“Bisogna capire che se quarant’anni fa l’emergenza per lo Stato democratico era quella del terrorismo, adesso lo è la Mafia”. Dopo la notizia degli arresti Nicola Morra, presidente della Commissione parlamentare antimafia, ha le idee chiare su quale sia il problema del nostro Paese.
Ancora una bufera giudiziaria ha coinvolto la Regione Calabria. Presidente Morra, cosa sta succedendo?
“Quello che tanti si auguravano e cioè che si è arrivati non soltanto a colpire la cosca di ‘ndrangheta dei Mancuso ma sono stati raggiunti anche i colletti bianchi. Parliamo di esponenti di una società civile che troppe volte – platealmente – manifesta disprezzo di certe consorterie salvo poi farci affari sotto banco. In quest’indagine sono coinvolti un ex parlamentare come l’onorevole Pittelli, ex consiglieri regionali, vicepresidenti delle regioni ed ex comandanti dell’Arma dei Carabinieri. Si tratta di soggetti che in passato nessuno avrebbe nemmeno immaginato di poter accusare di concorso esterno o peggio 416 bis”.
Tanti politici sono finiti in quest’inchiesta. Possiamo ancora parlare di semplici infiltrazioni o c’è dell’altro?
“Tanto per rendere l’idea, nell’indagine è coinvolto anche Gianluca Callipo ossia l’attuale sindaco di Pizzo Calabro e presidente regionale dell’Anci che rappresenta i comuni italiani. Questo fa capire come non si tratti più di semplici infiltrazioni quanto di antiche e sistematiche intrusioni all’interno di un mondo che doveva essere assolutamente impermeabile ma che, alla prova dei fatti, non si è dimostrato tale”.
Secondo lei è in atto una trasformazione delle mafie?
“A mio avviso bisogna sempre tener conto delle lezioni che grandi uomini del passato, come Rocco Chinnici e Giovanni Falcone, ci hanno lasciato. Se lo facessimo sapremmo che queste sono consorterie che mettono al primo posto la ricerca di denaro come strumento per imporre la propria volontà sul territorio e sulle comunità all’interno delle quali operano. Per riuscirci si sono avvicinate a mondi che dovevano rappresentare la legalità ma che si sono dimostrati straordinariamente disponibili alla corruzione. Questo deve farci ragionare in merito all’indebolimento costante e progressivo della nostra barriera culturale. Un tempo si resisteva al malavitoso di turno che ricorreva all’intimidazione. Adesso basta molto meno, anche una caramella. È in queste dinamiche che bisogna cogliere la trasformazione delle mafie”.
Quindi come se ne esce?
“Dobbiamo avere sempre più attenzione ai flussi di capitali, spingere sulla trasparenza nelle e delle pubbliche amministrazioni e rafforzare tutti gli strumenti che vengono concessi a livello amministrativo e giudiziario con cui potremmo sgominare del tutto queste organizzazioni”.
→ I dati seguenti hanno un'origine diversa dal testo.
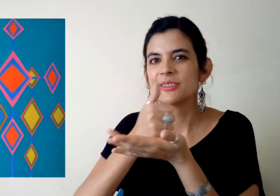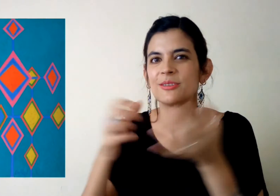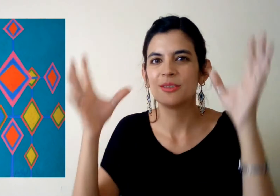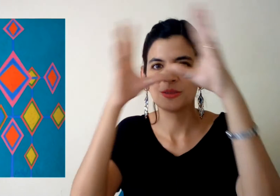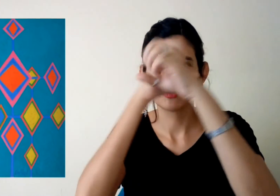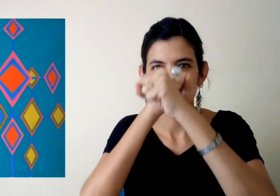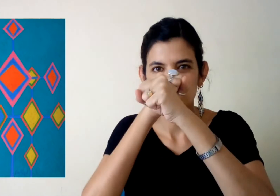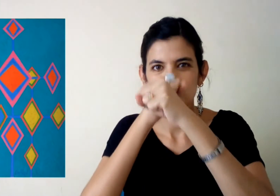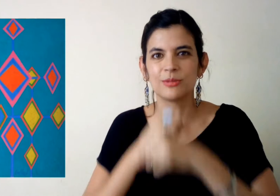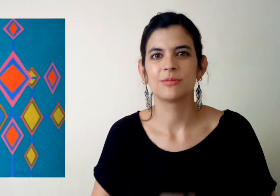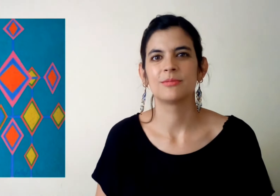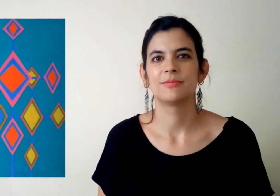Azul obscuro.

L’ex Procuratore Giuseppe Pignatone ritiene che il 416 bis, che disciplina le associazioni mafiose, deve essere aggiornato. è d’accordo?
“Si ma occorre farlo con grande prudenza. Il 416 bis può essere arricchito ma non va assollutamente stravolto. Le consorterie mafiose sono sempre più raffinate e proiettate verso una dimensione, meta, trans e sovranazionale, come dimostrato dall’operazione del dottor Gratteri che ha interessato ben 12 regioni italiane oltre a Germania e Svizzera. E questo aspetto va sicuramente riconosciuto”.
Nell’agenda della politica, la lotta alle mafie sembra sparita. C’è un’emergenza o si sta ingigantendo il problema?
“Non c’è nessuna esagerazione. Le mafie sono uno dei maggiori traumi del nostro Paese e non dobbiamo attendere gli attentati per capirlo anche perché non ce ne saranno. Quando i corleonesi hanno sfidato lo Stato, questo ha reagito con durezza. I mafiosi attuali lo sanno e non intendono sfidare lo Stato ma sedurlo perché, purtroppo, ci sono ancora troppi uomini compiacenti. Non si può attendere, bisogna agire”.